Person of the Week: Debbie Satyal ‘08
Eagleionline
Friday, March 28, 2008 at 09:42AM in
BC Law,
Public Interest,
Person of the Week,
Immigration By Jesse Stellato, March 28, 2008
What does it mean to fight the good fight? Ask Debbie Satyal ‘08. Since first coming to law school in 2005, Satyal has dedicated herself to immigrant advocacy. In so doing, she has aspired to help some of the most underrepresented individuals in American society navigate their way through a complicated, and often confusing, legal system.
Now, in her third and last year at Boston College Law School, Satyal has published a chapter on immigration in a new anthology, Keeping Out the Other: A Critical Introduction to Immigration Enforcement Today.
Edited by David C. Brotherton and Philip Kretsedemas, Keeping Out the Other was published this earlier month by Columbia University Press in New York.
Satyal’s chapter, which she wrote with detention expert Malik Ndaula, is called “Rafiu’s Story: An American Immigrant Nightmare.” As gripping at it is true, and as true as it is tragic, Satyal’s story follows Rafiu, an African deportee who becomes a jailhouse lawyer.
By weaving together the story of Rafiu and presenting it in narrative fashion, Satyal and Ndaula explain some of the complexities of immigration law while introducing the reader to the realities of immigration enforcement.
Satyal and Ndaula’s goal, said Satyal, was “to bring some understanding to the treatment of immigration detainees through the lens of someone who is going through it.”
Asked about the experience of writing the chapter with Ndaula, Satyal admitted that though she had visited detention centers before, she was not prepared for some of the treatment she learned about this time.
“The experience of Rafiu unfortunately is not altogether uncommon, but it was still so different than anything I have ever been through,” she said.
“Bringing the human aspect to something that is so often discussed in abstract ideas and statistics was a grounding experience for me,” she continued.
Satyal’s work appears alongside the work of some of the most respected lawyers, social scientists, policy analysts, community organizers, and journalists in the field of immigration law.
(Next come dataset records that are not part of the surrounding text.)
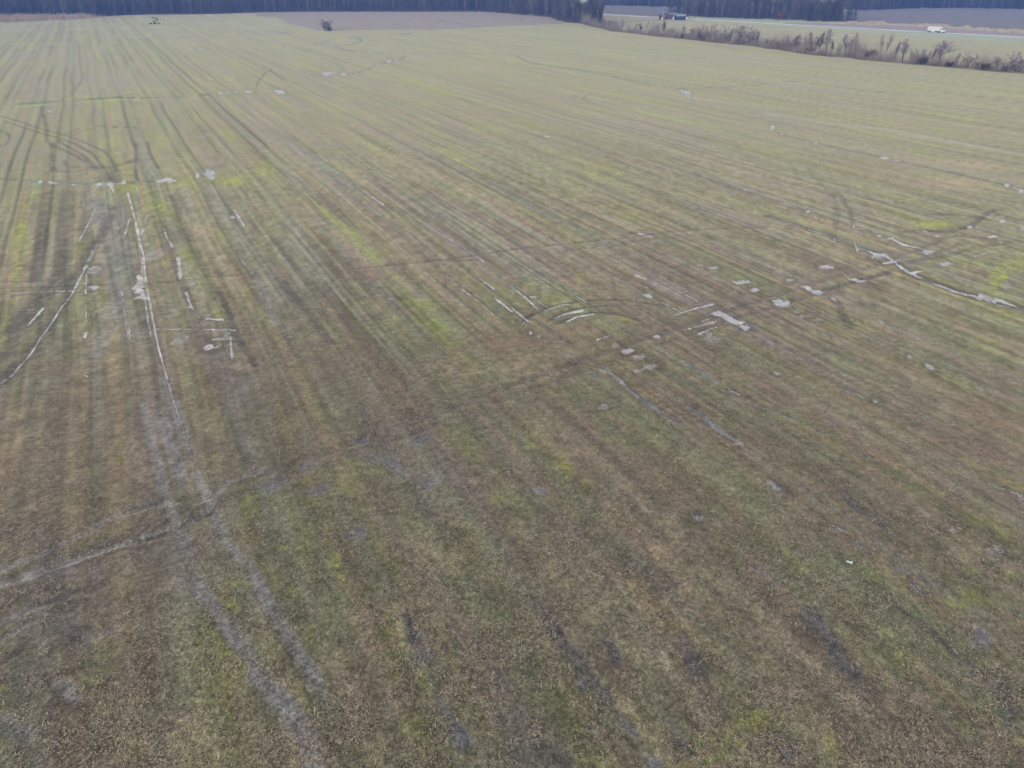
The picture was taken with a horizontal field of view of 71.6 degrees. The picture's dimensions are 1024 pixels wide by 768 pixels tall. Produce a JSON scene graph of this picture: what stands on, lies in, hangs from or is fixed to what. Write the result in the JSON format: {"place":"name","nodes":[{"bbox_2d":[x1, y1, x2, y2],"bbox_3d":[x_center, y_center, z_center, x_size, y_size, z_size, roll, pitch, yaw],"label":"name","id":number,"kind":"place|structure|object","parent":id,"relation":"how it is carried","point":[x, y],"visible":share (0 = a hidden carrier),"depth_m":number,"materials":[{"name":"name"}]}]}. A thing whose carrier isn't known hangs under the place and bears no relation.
{"place":"outdoors","nodes":[
{"label":"outdoors","id":0,"kind":"place"},
{"bbox_2d":[251,11,563,30],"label":"ploughed field","id":1,"kind":"structure","parent":0,"point":[352,20],"depth_m":676.76,"materials":[{"name":"soil"}]},
{"bbox_2d":[421,17,479,26],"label":"farm track","id":2,"kind":"structure","parent":0,"point":[452,22],"depth_m":632.39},
{"bbox_2d":[0,0,1023,767],"bbox_3d":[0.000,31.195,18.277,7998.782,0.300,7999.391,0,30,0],"label":"field","id":3,"kind":"structure","parent":0,"point":[444,166],"depth_m":73.40,"materials":[{"name":"green plant"}]},
{"bbox_2d":[0,12,125,22],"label":"reeds","id":4,"kind":"object","parent":3,"relation":"on","point":[15,17],"visible":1,"depth_m":678.87,"materials":[{"name":"beige plant"}]},
{"bbox_2d":[204,169,212,178],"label":"puddle","id":5,"kind":"object","parent":3,"relation":"on","point":[209,174],"visible":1,"depth_m":148.46,"materials":[{"name":"grey liquid"}]},
{"bbox_2d":[0,0,605,23],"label":"woodland","id":6,"kind":"object","parent":3,"relation":"on","point":[87,7],"visible":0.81,"depth_m":779.21,"materials":[{"name":"green plant"}]},
{"bbox_2d":[316,19,332,30],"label":"lone tree","id":7,"kind":"object","parent":3,"relation":"on","point":[324,25],"visible":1,"depth_m":535.38,"materials":[{"name":"brown plant"}]},
{"bbox_2d":[93,9,598,26],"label":"wood edge brush","id":8,"kind":"object","parent":3,"relation":"on","point":[511,11],"visible":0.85,"depth_m":802.60,"materials":[{"name":"brown plant"}]},
{"bbox_2d":[0,331,1023,767],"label":"crop residue","id":9,"kind":"object","parent":3,"relation":"on","point":[560,673],"visible":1,"depth_m":46.39},
{"bbox_2d":[600,18,610,25],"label":"hedgerow bush","id":10,"kind":"object","parent":3,"relation":"on","point":[603,20],"visible":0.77,"depth_m":558.87,"materials":[{"name":"brown plant"}]},
{"bbox_2d":[675,13,685,19],"bbox_3d":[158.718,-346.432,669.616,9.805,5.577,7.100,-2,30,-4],"label":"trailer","id":11,"kind":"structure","parent":3,"relation":"on","point":[681,16],"depth_m":667.41,"materials":[{"name":"white metal"}]},
{"bbox_2d":[697,23,717,37],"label":"hedgerow tree","id":12,"kind":"object","parent":3,"relation":"on","point":[707,32],"visible":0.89,"depth_m":451.94,"materials":[{"name":"brown plant"}]},
{"bbox_2d":[708,29,719,36],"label":"hedgerow tree","id":13,"kind":"object","parent":3,"relation":"on","point":[712,33],"visible":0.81,"depth_m":446.22,"materials":[{"name":"brown plant"}]},
{"bbox_2d":[715,25,734,42],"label":"hedgerow tree","id":14,"kind":"object","parent":3,"relation":"on","point":[730,36],"visible":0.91,"depth_m":438.40,"materials":[{"name":"brown plant"}]},
{"bbox_2d":[720,313,732,321],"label":"puddle","id":15,"kind":"object","parent":3,"relation":"on","point":[726,316],"visible":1,"depth_m":86.26,"materials":[{"name":"grey liquid"}]},
{"bbox_2d":[727,320,744,324],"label":"puddle","id":16,"kind":"object","parent":3,"relation":"on","point":[735,322],"visible":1,"depth_m":85.25,"materials":[{"name":"grey liquid"}]},
{"bbox_2d":[731,280,749,284],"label":"puddle","id":17,"kind":"object","parent":3,"relation":"on","point":[742,281],"visible":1,"depth_m":96.08,"materials":[{"name":"grey liquid"}]},
{"bbox_2d":[736,323,749,330],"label":"puddle","id":18,"kind":"object","parent":3,"relation":"on","point":[742,326],"visible":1,"depth_m":83.78,"materials":[{"name":"grey liquid"}]},
{"bbox_2d":[734,24,754,37],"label":"hedgerow tree","id":19,"kind":"object","parent":3,"relation":"on","point":[740,27],"visible":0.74,"depth_m":430.01,"materials":[{"name":"brown plant"}]},
{"bbox_2d":[738,26,758,43],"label":"hedgerow tree","id":20,"kind":"object","parent":3,"relation":"on","point":[743,33],"visible":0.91,"depth_m":425.35,"materials":[{"name":"brown plant"}]},
{"bbox_2d":[747,31,760,42],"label":"hedgerow tree","id":21,"kind":"object","parent":3,"relation":"on","point":[759,32],"visible":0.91,"depth_m":422.72,"materials":[{"name":"brown plant"}]},
{"bbox_2d":[666,0,859,21],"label":"grove woodland","id":22,"kind":"object","parent":3,"relation":"on","point":[824,14],"visible":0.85,"depth_m":690.23,"materials":[{"name":"green plant"}]},
{"bbox_2d":[776,12,781,20],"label":"oak tree","id":23,"kind":"object","parent":3,"relation":"on","point":[778,15],"visible":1,"depth_m":660.05,"materials":[{"name":"brown plant"}]},
{"bbox_2d":[776,300,792,306],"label":"puddle","id":24,"kind":"object","parent":3,"relation":"on","point":[786,303],"visible":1,"depth_m":89.81,"materials":[{"name":"grey liquid"}]},
{"bbox_2d":[785,34,802,46],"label":"hedgerow tree","id":25,"kind":"object","parent":3,"relation":"on","point":[795,39],"visible":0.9,"depth_m":390.65,"materials":[{"name":"brown plant"}]},
{"bbox_2d":[795,33,803,47],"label":"hedgerow tree","id":26,"kind":"object","parent":3,"relation":"on","point":[798,43],"visible":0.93,"depth_m":387.71,"materials":[{"name":"brown plant"}]},
{"bbox_2d":[579,11,1023,72],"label":"thicket","id":27,"kind":"object","parent":3,"relation":"on","point":[858,50],"visible":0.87,"depth_m":379.93,"materials":[{"name":"brown plant"}]},
{"bbox_2d":[582,23,1020,73],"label":"dry grass","id":28,"kind":"structure","parent":3,"relation":"on","point":[791,51],"depth_m":390.20,"materials":[{"name":"beige plant"}]},
{"bbox_2d":[588,0,1023,10],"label":"tree line woodland","id":29,"kind":"object","parent":3,"relation":"on","point":[1014,4],"visible":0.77,"depth_m":913.79,"materials":[{"name":"green plant"}]},
{"bbox_2d":[806,31,824,51],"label":"hedgerow tree","id":30,"kind":"object","parent":3,"relation":"on","point":[816,40],"visible":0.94,"depth_m":377.81,"materials":[{"name":"brown plant"}]},
{"bbox_2d":[809,289,824,293],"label":"puddle","id":31,"kind":"object","parent":3,"relation":"on","point":[816,291],"visible":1,"depth_m":93.24,"materials":[{"name":"grey liquid"}]},
{"bbox_2d":[821,265,833,269],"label":"puddle","id":32,"kind":"object","parent":3,"relation":"on","point":[826,266],"visible":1,"depth_m":101.29,"materials":[{"name":"grey liquid"}]},
{"bbox_2d":[822,28,834,53],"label":"hedgerow tree","id":33,"kind":"object","parent":3,"relation":"on","point":[829,37],"visible":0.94,"depth_m":373.28,"materials":[{"name":"brown plant"}]},
{"bbox_2d":[837,42,842,53],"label":"hedgerow tree","id":34,"kind":"object","parent":3,"relation":"on","point":[839,49],"visible":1,"depth_m":368.44,"materials":[{"name":"brown plant"}]},
{"bbox_2d":[840,0,847,19],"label":"woodland tree","id":35,"kind":"object","parent":3,"relation":"on","point":[844,4],"visible":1,"depth_m":637.72,"materials":[{"name":"green plant"}]},
{"bbox_2d":[841,34,850,48],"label":"hedgerow tree","id":36,"kind":"object","parent":3,"relation":"on","point":[844,41],"visible":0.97,"depth_m":364.86,"materials":[{"name":"brown plant"}]},
{"bbox_2d":[852,32,858,46],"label":"hedgerow tree","id":37,"kind":"object","parent":3,"relation":"on","point":[857,34],"visible":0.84,"depth_m":360.74,"materials":[{"name":"brown plant"}]},
{"bbox_2d":[865,49,879,57],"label":"hedgerow bush","id":38,"kind":"object","parent":3,"relation":"on","point":[869,53],"visible":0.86,"depth_m":350.98,"materials":[{"name":"brown plant"}]},
{"bbox_2d":[871,253,885,258],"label":"puddle","id":39,"kind":"object","parent":3,"relation":"on","point":[881,255],"visible":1,"depth_m":105.31,"materials":[{"name":"grey liquid"}]},
{"bbox_2d":[877,32,895,57],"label":"hedgerow tree","id":40,"kind":"object","parent":3,"relation":"on","point":[890,41],"visible":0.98,"depth_m":347.98,"materials":[{"name":"brown plant"}]},
{"bbox_2d":[893,41,901,56],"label":"hedgerow tree","id":41,"kind":"object","parent":3,"relation":"on","point":[898,46],"visible":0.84,"depth_m":345.78,"materials":[{"name":"brown plant"}]},
{"bbox_2d":[898,39,912,59],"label":"hedgerow tree","id":42,"kind":"object","parent":3,"relation":"on","point":[903,50],"visible":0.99,"depth_m":338.54,"materials":[{"name":"brown plant"}]},
{"bbox_2d":[913,48,926,58],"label":"hedgerow tree","id":43,"kind":"object","parent":3,"relation":"on","point":[918,54],"visible":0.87,"depth_m":335.74,"materials":[{"name":"brown plant"}]},
{"bbox_2d":[917,57,929,64],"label":"hedgerow bush","id":44,"kind":"object","parent":3,"relation":"on","point":[923,60],"visible":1,"depth_m":330.39,"materials":[{"name":"brown plant"}]},
{"bbox_2d":[831,20,1023,33],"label":"roadside grass","id":45,"kind":"structure","parent":3,"relation":"on","point":[1013,30],"depth_m":566.00,"materials":[{"name":"plant"}]},
{"bbox_2d":[922,50,932,57],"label":"hedgerow tree","id":46,"kind":"object","parent":3,"relation":"on","point":[927,54],"visible":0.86,"depth_m":331.62,"materials":[{"name":"brown plant"}]},
{"bbox_2d":[930,40,961,60],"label":"hedgerow tree","id":47,"kind":"object","parent":3,"relation":"on","point":[941,49],"visible":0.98,"depth_m":326.07,"materials":[{"name":"brown plant"}]},
{"bbox_2d":[940,261,954,265],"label":"puddle","id":48,"kind":"object","parent":3,"relation":"on","point":[943,264],"visible":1,"depth_m":102.36,"materials":[{"name":"grey liquid"}]},
{"bbox_2d":[959,51,980,67],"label":"hedgerow tree","id":49,"kind":"object","parent":3,"relation":"on","point":[969,60],"visible":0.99,"depth_m":318.58,"materials":[{"name":"brown plant"}]},
{"bbox_2d":[979,63,993,70],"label":"hedgerow bush","id":50,"kind":"object","parent":3,"relation":"on","point":[989,64],"visible":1,"depth_m":311.03,"materials":[{"name":"brown plant"}]},
{"bbox_2d":[986,56,1008,66],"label":"hedgerow tree","id":51,"kind":"object","parent":3,"relation":"on","point":[998,57],"visible":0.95,"depth_m":310.16,"materials":[{"name":"brown plant"}]},
{"bbox_2d":[1001,64,1013,70],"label":"hedgerow bush","id":52,"kind":"object","parent":3,"relation":"on","point":[1007,66],"visible":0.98,"depth_m":305.75,"materials":[{"name":"brown plant"}]},
{"bbox_2d":[1007,51,1023,71],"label":"hedgerow tree","id":53,"kind":"object","parent":3,"relation":"on","point":[1020,62],"visible":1,"depth_m":304.38,"materials":[{"name":"brown plant"}]},
{"bbox_2d":[602,6,692,16],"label":"ploughed field","id":54,"kind":"structure","parent":0,"point":[641,11],"depth_m":853.31,"materials":[{"name":"soil"}]},
{"bbox_2d":[614,20,682,22],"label":"farm lane","id":55,"kind":"structure","parent":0,"point":[652,20],"depth_m":661.37,"materials":[{"name":"grey gravel"}]},
{"bbox_2d":[603,14,1023,37],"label":"road","id":56,"kind":"structure","parent":0,"point":[839,27],"depth_m":570.52,"materials":[{"name":"grey asphalt"}]},
{"bbox_2d":[927,26,945,32],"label":"box truck","id":57,"kind":"object","parent":56,"relation":"on","point":[935,29],"visible":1,"depth_m":517.41,"materials":[{"name":"white metal"}]},
{"bbox_2d":[611,14,1019,36],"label":"road shoulder","id":58,"kind":"object","parent":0,"point":[834,26],"visible":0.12,"depth_m":570.84},
{"bbox_2d":[616,15,1020,37],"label":"road shoulder","id":59,"kind":"object","parent":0,"point":[837,27],"visible":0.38,"depth_m":570.83},
{"bbox_2d":[784,23,1023,36],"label":"verge","id":60,"kind":"structure","parent":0,"point":[909,28],"depth_m":561.06,"materials":[{"name":"plant"}]},
{"bbox_2d":[817,8,1023,30],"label":"ploughed field","id":61,"kind":"structure","parent":0,"point":[1005,19],"depth_m":726.89,"materials":[{"name":"soil"}]}
]}

The work of attorney Ira J. Kurzban, for example, is included in Keeping Out the Other. Kurzban is the author of the most widely used one-volume immigration source in the United States.
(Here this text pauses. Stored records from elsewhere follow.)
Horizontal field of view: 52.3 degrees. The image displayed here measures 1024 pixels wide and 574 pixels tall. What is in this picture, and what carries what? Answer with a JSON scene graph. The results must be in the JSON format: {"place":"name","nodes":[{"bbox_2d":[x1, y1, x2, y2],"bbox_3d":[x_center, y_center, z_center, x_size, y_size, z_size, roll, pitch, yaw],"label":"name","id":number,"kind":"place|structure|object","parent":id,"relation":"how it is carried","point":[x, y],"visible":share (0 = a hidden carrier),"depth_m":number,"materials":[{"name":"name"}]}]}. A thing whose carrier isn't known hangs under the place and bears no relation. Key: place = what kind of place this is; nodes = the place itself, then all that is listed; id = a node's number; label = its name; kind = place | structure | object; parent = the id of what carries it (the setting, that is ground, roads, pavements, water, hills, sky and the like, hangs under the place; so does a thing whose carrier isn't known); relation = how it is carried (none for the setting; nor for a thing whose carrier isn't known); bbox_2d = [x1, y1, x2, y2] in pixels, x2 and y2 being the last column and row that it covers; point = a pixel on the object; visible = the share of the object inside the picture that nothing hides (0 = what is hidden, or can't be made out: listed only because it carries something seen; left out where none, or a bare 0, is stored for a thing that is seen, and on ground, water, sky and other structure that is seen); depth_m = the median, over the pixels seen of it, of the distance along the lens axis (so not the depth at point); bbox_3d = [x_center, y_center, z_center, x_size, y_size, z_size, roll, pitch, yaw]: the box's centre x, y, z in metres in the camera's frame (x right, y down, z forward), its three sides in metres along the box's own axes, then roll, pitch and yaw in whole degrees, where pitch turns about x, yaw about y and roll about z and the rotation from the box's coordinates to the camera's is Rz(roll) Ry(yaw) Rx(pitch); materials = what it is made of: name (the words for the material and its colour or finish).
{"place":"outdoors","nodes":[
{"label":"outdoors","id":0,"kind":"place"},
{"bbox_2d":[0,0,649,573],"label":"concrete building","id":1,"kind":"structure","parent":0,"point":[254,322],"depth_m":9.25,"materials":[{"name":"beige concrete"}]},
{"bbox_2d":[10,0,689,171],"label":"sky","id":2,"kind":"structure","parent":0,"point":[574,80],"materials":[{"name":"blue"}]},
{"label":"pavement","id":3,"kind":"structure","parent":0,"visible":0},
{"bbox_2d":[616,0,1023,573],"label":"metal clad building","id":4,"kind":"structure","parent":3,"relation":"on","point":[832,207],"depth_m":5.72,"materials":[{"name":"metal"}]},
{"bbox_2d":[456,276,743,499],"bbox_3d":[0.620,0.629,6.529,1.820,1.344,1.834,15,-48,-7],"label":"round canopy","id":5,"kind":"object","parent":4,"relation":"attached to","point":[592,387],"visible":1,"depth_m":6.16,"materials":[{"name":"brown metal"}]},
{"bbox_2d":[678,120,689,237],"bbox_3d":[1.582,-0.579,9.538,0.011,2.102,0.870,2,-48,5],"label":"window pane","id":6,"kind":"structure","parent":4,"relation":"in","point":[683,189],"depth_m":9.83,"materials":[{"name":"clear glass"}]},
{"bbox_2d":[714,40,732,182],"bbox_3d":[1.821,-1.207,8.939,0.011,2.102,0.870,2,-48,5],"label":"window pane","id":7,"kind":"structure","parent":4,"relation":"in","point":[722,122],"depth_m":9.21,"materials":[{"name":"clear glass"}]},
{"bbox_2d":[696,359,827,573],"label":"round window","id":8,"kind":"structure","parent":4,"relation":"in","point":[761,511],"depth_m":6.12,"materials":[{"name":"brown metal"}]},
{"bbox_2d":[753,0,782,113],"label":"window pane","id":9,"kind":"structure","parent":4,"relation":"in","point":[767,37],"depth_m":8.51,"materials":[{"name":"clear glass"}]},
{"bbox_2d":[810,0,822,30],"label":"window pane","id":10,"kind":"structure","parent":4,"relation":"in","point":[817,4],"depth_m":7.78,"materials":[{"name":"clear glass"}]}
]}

Satyal thanked the editors at Columbia University Press for their help with the drafting process. She also credited Boston College Law School:
BCLS’ great immigration resources, including the Clinical program, Boston College Immigration and Asylum Project, the Post-deportation Human Rights Program, and the Immigration Spring Break Trips, all of which I have participated in, definitely provided me with the background and contacts I needed to become involved with this book.
Keeping Out the Other, now widely available throughout the United States, is also coming to a library near you. Boston College Law School’s Quest catalogue lists the book as “On Order” for Law Library’s general collection.